# Masking in Italian Configuration



## sobenson (Oct 27, 2007)

I have a rider that is asking for, "5 pairs of black velour legs in Italian configuration". What is Italian configuration?


----------



## avkid (Oct 27, 2007)

Red, White and Green with pleats in between each?

Call Rose Brand or your local drape shop and ask.

Rose Brand East
Secaucus, NJ
Toll Free: 1-800-223-1624


----------



## derekleffew (Oct 27, 2007)

Downstage set of legs is widest, upstage set is narrowest, ones in between follow the diagonal line from downstage to upstage on each side of centerline. Sometimes, but not always, the overhead borders do the same thing: downstage is highest, upstage is lowest.

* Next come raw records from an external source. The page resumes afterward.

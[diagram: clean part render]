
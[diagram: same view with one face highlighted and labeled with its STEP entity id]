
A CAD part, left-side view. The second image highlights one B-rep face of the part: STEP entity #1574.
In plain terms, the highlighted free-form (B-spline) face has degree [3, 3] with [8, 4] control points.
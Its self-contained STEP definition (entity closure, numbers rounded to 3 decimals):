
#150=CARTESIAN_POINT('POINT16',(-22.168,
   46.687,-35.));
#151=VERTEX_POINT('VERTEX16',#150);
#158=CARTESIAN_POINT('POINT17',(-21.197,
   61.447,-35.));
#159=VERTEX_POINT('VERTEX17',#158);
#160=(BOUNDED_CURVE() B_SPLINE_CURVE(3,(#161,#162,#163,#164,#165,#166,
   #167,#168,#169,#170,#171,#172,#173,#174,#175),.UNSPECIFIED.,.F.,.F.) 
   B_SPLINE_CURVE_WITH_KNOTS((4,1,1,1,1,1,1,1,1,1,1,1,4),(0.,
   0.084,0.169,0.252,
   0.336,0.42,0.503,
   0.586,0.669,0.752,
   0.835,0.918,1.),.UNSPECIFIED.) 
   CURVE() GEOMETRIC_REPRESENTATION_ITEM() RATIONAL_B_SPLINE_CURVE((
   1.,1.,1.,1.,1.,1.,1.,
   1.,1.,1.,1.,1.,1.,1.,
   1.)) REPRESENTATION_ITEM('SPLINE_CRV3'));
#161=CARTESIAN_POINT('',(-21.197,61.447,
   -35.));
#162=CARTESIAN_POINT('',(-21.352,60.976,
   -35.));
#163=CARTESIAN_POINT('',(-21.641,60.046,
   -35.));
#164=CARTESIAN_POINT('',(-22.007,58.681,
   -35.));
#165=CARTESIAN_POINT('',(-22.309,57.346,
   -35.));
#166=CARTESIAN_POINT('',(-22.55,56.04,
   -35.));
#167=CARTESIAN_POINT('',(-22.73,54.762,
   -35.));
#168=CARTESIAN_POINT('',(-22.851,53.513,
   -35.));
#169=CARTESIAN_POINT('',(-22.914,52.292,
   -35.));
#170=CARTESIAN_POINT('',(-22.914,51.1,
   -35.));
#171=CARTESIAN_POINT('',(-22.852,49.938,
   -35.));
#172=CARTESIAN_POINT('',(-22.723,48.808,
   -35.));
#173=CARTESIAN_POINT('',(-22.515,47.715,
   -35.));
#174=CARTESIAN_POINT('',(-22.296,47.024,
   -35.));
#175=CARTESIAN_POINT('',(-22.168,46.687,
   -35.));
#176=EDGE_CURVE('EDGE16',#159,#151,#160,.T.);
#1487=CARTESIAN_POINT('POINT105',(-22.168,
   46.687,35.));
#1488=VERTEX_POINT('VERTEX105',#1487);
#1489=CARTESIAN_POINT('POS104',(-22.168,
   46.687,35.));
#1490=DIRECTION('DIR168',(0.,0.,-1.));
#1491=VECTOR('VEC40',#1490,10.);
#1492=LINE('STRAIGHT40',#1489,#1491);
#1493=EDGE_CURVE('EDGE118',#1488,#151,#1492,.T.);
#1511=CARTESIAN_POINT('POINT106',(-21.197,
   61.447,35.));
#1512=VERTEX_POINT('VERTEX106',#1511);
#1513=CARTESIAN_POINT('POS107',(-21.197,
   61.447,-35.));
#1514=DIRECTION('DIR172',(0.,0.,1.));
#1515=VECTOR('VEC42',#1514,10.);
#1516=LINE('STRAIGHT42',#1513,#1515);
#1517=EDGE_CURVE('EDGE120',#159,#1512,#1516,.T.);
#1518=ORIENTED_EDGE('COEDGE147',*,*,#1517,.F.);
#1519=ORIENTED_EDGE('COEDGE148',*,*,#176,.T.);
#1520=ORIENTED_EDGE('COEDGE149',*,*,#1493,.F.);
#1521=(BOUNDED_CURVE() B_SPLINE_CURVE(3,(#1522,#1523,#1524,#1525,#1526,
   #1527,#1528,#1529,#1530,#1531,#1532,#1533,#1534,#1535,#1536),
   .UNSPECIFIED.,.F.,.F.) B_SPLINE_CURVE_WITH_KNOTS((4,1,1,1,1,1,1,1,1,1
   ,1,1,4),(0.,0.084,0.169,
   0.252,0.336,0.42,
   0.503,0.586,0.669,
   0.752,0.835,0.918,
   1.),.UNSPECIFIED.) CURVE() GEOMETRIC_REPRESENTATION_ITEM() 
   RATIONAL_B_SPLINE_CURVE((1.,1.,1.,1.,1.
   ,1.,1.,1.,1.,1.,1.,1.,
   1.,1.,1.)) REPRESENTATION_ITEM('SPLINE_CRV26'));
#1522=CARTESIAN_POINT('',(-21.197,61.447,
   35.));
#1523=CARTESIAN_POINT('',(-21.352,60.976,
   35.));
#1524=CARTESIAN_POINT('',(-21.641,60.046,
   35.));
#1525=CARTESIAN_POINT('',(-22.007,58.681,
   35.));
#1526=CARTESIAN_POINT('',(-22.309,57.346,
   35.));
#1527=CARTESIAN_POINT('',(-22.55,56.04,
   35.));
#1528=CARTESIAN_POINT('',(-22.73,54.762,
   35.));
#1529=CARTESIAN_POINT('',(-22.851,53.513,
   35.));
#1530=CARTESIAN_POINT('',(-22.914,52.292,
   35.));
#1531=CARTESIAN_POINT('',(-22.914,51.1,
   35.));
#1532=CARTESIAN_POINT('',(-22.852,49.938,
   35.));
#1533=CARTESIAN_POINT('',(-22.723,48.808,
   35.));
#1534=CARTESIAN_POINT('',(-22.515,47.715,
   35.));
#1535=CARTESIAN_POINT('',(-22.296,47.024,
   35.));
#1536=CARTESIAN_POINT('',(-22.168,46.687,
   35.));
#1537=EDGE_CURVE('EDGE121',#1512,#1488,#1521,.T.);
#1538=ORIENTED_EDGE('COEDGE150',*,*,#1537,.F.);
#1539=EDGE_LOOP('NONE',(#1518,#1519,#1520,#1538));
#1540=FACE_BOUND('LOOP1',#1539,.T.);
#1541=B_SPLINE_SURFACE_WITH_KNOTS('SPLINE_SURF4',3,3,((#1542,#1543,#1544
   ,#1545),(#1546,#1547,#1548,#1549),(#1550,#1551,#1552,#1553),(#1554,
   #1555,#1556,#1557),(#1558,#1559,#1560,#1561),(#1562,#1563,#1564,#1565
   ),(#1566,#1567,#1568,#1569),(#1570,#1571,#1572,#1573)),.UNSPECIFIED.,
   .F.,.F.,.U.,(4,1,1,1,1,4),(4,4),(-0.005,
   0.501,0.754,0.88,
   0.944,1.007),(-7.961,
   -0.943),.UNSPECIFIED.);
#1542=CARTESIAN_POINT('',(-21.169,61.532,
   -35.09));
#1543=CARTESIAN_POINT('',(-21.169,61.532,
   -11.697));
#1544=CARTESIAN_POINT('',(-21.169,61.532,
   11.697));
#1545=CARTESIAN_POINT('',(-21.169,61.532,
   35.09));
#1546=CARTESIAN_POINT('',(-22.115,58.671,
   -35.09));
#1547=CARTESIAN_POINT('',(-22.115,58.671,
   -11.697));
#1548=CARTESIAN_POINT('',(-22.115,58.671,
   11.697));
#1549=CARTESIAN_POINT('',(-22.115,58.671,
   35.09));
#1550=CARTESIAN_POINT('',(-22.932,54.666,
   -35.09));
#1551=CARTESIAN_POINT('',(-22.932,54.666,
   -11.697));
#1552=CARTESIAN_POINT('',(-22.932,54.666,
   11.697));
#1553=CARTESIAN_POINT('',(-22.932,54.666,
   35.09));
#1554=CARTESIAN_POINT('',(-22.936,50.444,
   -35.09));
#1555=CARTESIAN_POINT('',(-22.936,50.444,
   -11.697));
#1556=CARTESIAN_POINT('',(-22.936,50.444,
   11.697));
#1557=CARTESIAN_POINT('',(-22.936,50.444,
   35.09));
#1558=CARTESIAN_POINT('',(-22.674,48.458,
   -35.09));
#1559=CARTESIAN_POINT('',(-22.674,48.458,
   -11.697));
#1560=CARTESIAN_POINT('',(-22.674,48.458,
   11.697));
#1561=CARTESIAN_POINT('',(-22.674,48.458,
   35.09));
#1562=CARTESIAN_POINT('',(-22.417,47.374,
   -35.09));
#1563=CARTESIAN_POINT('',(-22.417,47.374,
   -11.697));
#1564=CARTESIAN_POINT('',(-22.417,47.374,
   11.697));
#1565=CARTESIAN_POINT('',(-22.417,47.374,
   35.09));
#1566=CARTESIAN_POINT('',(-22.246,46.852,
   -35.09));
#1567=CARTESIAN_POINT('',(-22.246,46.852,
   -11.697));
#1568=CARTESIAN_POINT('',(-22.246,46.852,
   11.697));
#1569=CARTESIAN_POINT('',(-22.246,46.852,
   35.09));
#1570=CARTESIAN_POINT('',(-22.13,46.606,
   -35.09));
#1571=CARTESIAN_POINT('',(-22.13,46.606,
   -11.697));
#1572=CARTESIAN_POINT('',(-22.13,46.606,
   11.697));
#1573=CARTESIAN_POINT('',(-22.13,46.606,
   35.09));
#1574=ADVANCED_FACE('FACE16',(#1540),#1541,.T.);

The term comes from the Italian Renaissance to enhance the painter's "forced perspective." Pretty much ruins lighting positions, sightlines, and exposes more black velour leg than is necessary. I'm guessing this is a small company used to playing larger stages, and this is their attempt to make the stage seem more intimate.

If you thinks it's gonna hurt you, just move each set of legs onstage 1' L&R of C.L. than the next set downstage and you will have fulfilled the rider. No matter what, be prepared to rehang the legs upon the company's arrival.


----------



## sobenson (Oct 29, 2007)

So is there a mathematical expression for an Italian config, like if the second drape is X feet back the opening shrinks Y feet, or is it all preference of the performer?


----------



## Footer (Oct 29, 2007)

Not really, Basically, move each leg in besides the 1st 2' beyond the one before it. So... 1st legs is 40', next is 36', next is 32', next is 28'. Bordors the same, 28',26',24',22'....


----------